NETGEAR is aware of a growing number of phone and online scams. To learn how to stay safe click here.
Forum Discussion
kjx
Jun 18, 2025Apprentice
Is my satellite dead?
I have an Orbi 970 set - router + 4 satellites (5 devices). I’ve extended warranty and all that. Mine was one of those sets where the router was “overheating” and dropping. And putting a fan on t...
FURRYe38
Jun 19, 2025Guru - Experienced User
What is the size of the home in sq ft?
kjx
Jun 19, 2025Apprentice
~3300 sq ft spread over 3 floors with the 3 floor just being a bonus room of about 600 sq ft. ~40 ft wide, ~55 ft deep and maybe 35 ft high.
One portion of that 3rd floor open-floor room is a complete Wi-Fi deadspot for my iPad and iPhone [Wi-Fi disappears completely], so that's where the final satellite (wired) I reluctantly purchased went, and now it's the resting place for this broken satellite.
Two satellites are in the far front of the house on the second floor in the furthest 90degree corners of the house structure. They are about 40 feet apart separated by 2-3 walls in 'line of sight'.
The location of the broken satellite (and now hosts what-used-to-be the bonus room satellite) is 50 feet from the front of the house on the second floor. The broken satellite used to notably host a wired pi-hole resolving DNS queries for a ton of devices (IoT & otherwise) across the network.
The RBR sits in a walk-in clothes closet on the first-floor smack in the middle of the house - where all my networking, cable and fiber wiring terminates. It has a large steel panel refrigerator behind a wall on one side limiting range backwards.
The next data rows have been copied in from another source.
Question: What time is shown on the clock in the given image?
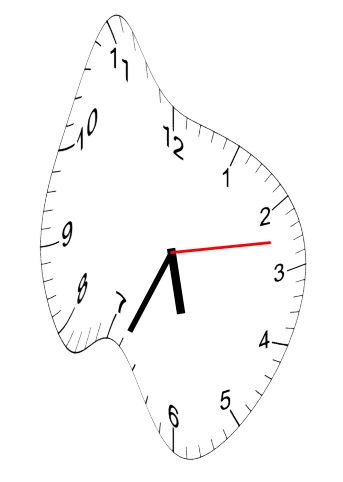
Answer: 05:34:13
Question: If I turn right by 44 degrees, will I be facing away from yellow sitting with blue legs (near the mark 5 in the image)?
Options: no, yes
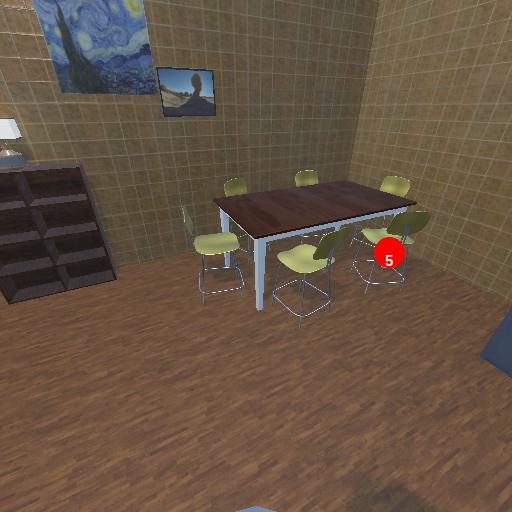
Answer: no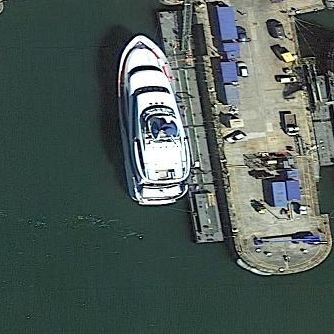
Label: Civil_yacht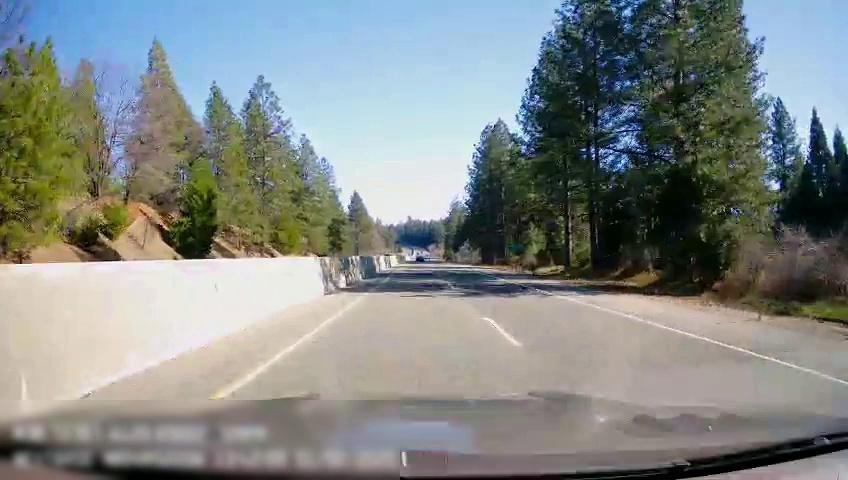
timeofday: Day
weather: Sunny
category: Drivable Space
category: Drivable Space
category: Lanes | Alternate Lane
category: Lanes | Current Lane
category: Lanes | Alternate Lane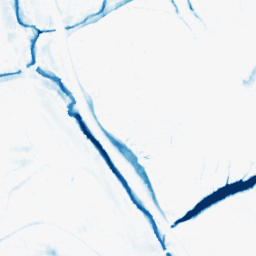
Category: morphological
Decomposition family: morphological_ellipse
Decomposition parameters: operation: closing
width: 20
height: 10
Upsampling method: cubic_mitchell
Upsampling parameters: scale: 2
Upsampling scale: 2

The broken satellite compensates for some of this - it used to sit wired in a master closet initially but I was hitting frequent network drops in the bedroom and first floor living areas for Wi-Fi 6 devices so it made its way there.
The house structure extremity placement for satellites is also for optimal WiFi camera performance and personal device performance in the yards too. If one satellite goes down, network perf goes down from 1.5-1.6 Gbps on my phone down to 200 Megs. It's abysmally low for things like my desktop that go down to 10 - 30 Megs over "remote-satellite" or RBR wifi connections.
I run spectrum analyzer regularly and generally have each network band assigned to interference free channels (w.r.t neighbors). That was the first thing I rechecked when the first intermittent drops started happening on this satellite.